Song Tian estaba a punto de rugir de rabia, pero luego se quedó paralizado por la sorpresa.

En la cama, Lin Xiaoyu dejó escapar un grito de sorpresa, agarrando rápidamente la colcha para cubrir su cuerpo, tapando también la cabeza de la persona inclinada sobre sus piernas.

Solo que esa persona seguía arrodillada.

Las nalgas redondas y regordetas no eran exactamente blancas sino de un saludable color trigueño.

Y en esa grieta del trasero, no había herramienta de hombre, sino una tierna hendidura rosada como una mariposa.

Otra mirada a esas piernas asombrosamente largas, y los pies suaves talla cuarenta.

Incluso sin ver el rostro, estaba claro, esta persona era Sun Linlin.

Sun Linlin de repente se quitó la colcha de encima, giró la cabeza con enojo, y cuando vio que era Song Tian, se sobresaltó.

—¡Perdón, perdón!

Song Tian se disculpó rápidamente y se dio la vuelta para irse.

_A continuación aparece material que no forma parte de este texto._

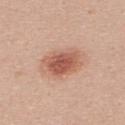No biopsy was performed on this lesion — it was imaged during a full skin examination and was not determined to be concerning. Located on the upper back. Automated tile analysis of the lesion measured an area of roughly 14 mm², an eccentricity of roughly 0.7, and a shape-asymmetry score of about 0.15 (0 = symmetric). The analysis additionally found about 12 CIELAB-L* units darker than the surrounding skin and a normalized lesion–skin contrast near 8. The analysis additionally found a color-variation rating of about 5/10 and radial color variation of about 1. Captured under white-light illumination. A female subject about 20 years old. A close-up tile cropped from a whole-body skin photograph, about 15 mm across.
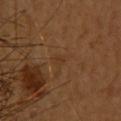Recorded during total-body skin imaging; not selected for excision or biopsy. The total-body-photography lesion software estimated a mean CIELAB color near L≈34 a*≈19 b*≈31, a lesion–skin lightness drop of about 4, and a lesion-to-skin contrast of about 4.5 (normalized; higher = more distinct). A female subject, in their mid- to late 50s. About 1.5 mm across. A 15 mm crop from a total-body photograph taken for skin-cancer surveillance. This is a cross-polarized tile. Located on the upper back.
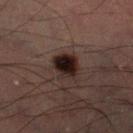Impression: The lesion was tiled from a total-body skin photograph and was not biopsied. Background: A male patient, in their 60s. Cropped from a total-body skin-imaging series; the visible field is about 15 mm. An algorithmic analysis of the crop reported a lesion area of about 7.5 mm² and two-axis asymmetry of about 0.2. The software also gave a lesion color around L≈17 a*≈12 b*≈14 in CIELAB, roughly 13 lightness units darker than nearby skin, and a lesion-to-skin contrast of about 15.5 (normalized; higher = more distinct). And it measured border irregularity of about 2 on a 0–10 scale, a color-variation rating of about 6/10, and a peripheral color-asymmetry measure near 1.5.
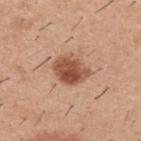<tbp_lesion>
  <biopsy_status>not biopsied; imaged during a skin examination</biopsy_status>
  <image>
    <source>total-body photography crop</source>
    <field_of_view_mm>15</field_of_view_mm>
  </image>
  <patient>
    <sex>male</sex>
    <age_approx>40</age_approx>
  </patient>
  <site>upper back</site>
</tbp_lesion>
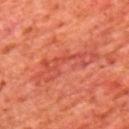Recorded during total-body skin imaging; not selected for excision or biopsy.
A region of skin cropped from a whole-body photographic capture, roughly 15 mm wide.
A male patient in their mid- to late 60s.
Located on the upper back.
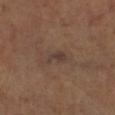<tbp_lesion>
  <biopsy_status>not biopsied; imaged during a skin examination</biopsy_status>
  <lighting>cross-polarized</lighting>
  <patient>
    <sex>female</sex>
    <age_approx>70</age_approx>
  </patient>
  <automated_metrics>
    <cielab_L>38</cielab_L>
    <cielab_a>15</cielab_a>
    <cielab_b>21</cielab_b>
    <vs_skin_darker_L>6.0</vs_skin_darker_L>
    <vs_skin_contrast_norm>7.0</vs_skin_contrast_norm>
    <color_variation_0_10>1.5</color_variation_0_10>
  </automated_metrics>
  <site>left lower leg</site>
  <image>
    <source>total-body photography crop</source>
    <field_of_view_mm>15</field_of_view_mm>
  </image>
  <lesion_size>
    <long_diameter_mm_approx>3.0</long_diameter_mm_approx>
  </lesion_size>
</tbp_lesion>
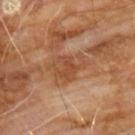Clinical impression:
No biopsy was performed on this lesion — it was imaged during a full skin examination and was not determined to be concerning.
Background:
Measured at roughly 5 mm in maximum diameter. An algorithmic analysis of the crop reported a lesion area of about 12 mm². The analysis additionally found a border-irregularity rating of about 5/10, a color-variation rating of about 4/10, and radial color variation of about 1. The subject is a male about 60 years old. From the chest. Cropped from a total-body skin-imaging series; the visible field is about 15 mm. Imaged with cross-polarized lighting.
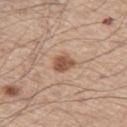{"biopsy_status": "not biopsied; imaged during a skin examination", "automated_metrics": {"nevus_likeness_0_100": 90, "lesion_detection_confidence_0_100": 100}, "patient": {"sex": "male", "age_approx": 60}, "image": {"source": "total-body photography crop", "field_of_view_mm": 15}, "site": "left thigh", "lesion_size": {"long_diameter_mm_approx": 3.0}, "lighting": "white-light"}
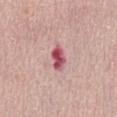The lesion was tiled from a total-body skin photograph and was not biopsied. From the front of the torso. A female patient, aged approximately 65. A 15 mm close-up extracted from a 3D total-body photography capture. The lesion-visualizer software estimated a lesion area of about 4.5 mm², an eccentricity of roughly 0.8, and two-axis asymmetry of about 0.25.
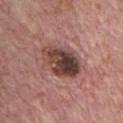{"biopsy_status": "not biopsied; imaged during a skin examination", "site": "chest", "patient": {"sex": "male", "age_approx": 70}, "image": {"source": "total-body photography crop", "field_of_view_mm": 15}, "lighting": "white-light"}
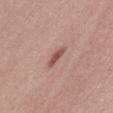lighting = white-light illumination; diameter = ≈3 mm; anatomic site = the abdomen; imaging modality = ~15 mm tile from a whole-body skin photo; patient = female, aged 23 to 27.
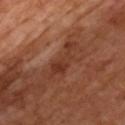Findings:
* notes: total-body-photography surveillance lesion; no biopsy
* acquisition: ~15 mm tile from a whole-body skin photo
* patient: male, roughly 65 years of age
* lesion size: about 5 mm
* tile lighting: cross-polarized
* image-analysis metrics: a footprint of about 6.5 mm², an eccentricity of roughly 0.95, and two-axis asymmetry of about 0.55; an average lesion color of about L≈34 a*≈24 b*≈29 (CIELAB), about 7 CIELAB-L* units darker than the surrounding skin, and a lesion-to-skin contrast of about 6.5 (normalized; higher = more distinct); a nevus-likeness score of about 0/100 and a detector confidence of about 100 out of 100 that the crop contains a lesion

Pero entonces su brazo fue jalado con una fuerza que lo arrojó directamente sobre la cama.

Esta Sun Linlin, realmente era fuerte.

Sun Linlin se burló:
—¿Te tropiezas con mi momento de diversión y crees que puedes irte así sin más?

Song Tian sintió una oleada de pánico, cruzando instintivamente sus brazos y encogiendo sus piernas, como una chica acorralada por un matón.

—¡Ven aquí conmigo!

Sun Linlin, desnuda como el día que nació, se lanzó sobre Song Tian.

Song Tian, forcejeando, gritó:
—¡¿Qué demonios quieres?!

Lin Xiaoyu también se apresuró a acercarse para apartar a Sun Linlin.

—Linlin, tú, tú mejor no lo hagas!

Sun Linlin espetó:
—¡Él se ha acostado con mi mujer, solo me estoy divirtiendo un poco con él para recuperar algo de interés, ¿cuál es el problema?!

Además, él es un hombre, ¡es como si estuviera recibiendo una bonificación!

Song Tian intentó huir, pero al girarse, su parte inferior de repente se quedó fría.

Sun Linlin le había bajado los pantalones, dejando su mitad inferior completamente desnuda.

Song Tian aulló silenciosamente por dentro, maldiciéndose por usar esos pantalones de chándal sueltos.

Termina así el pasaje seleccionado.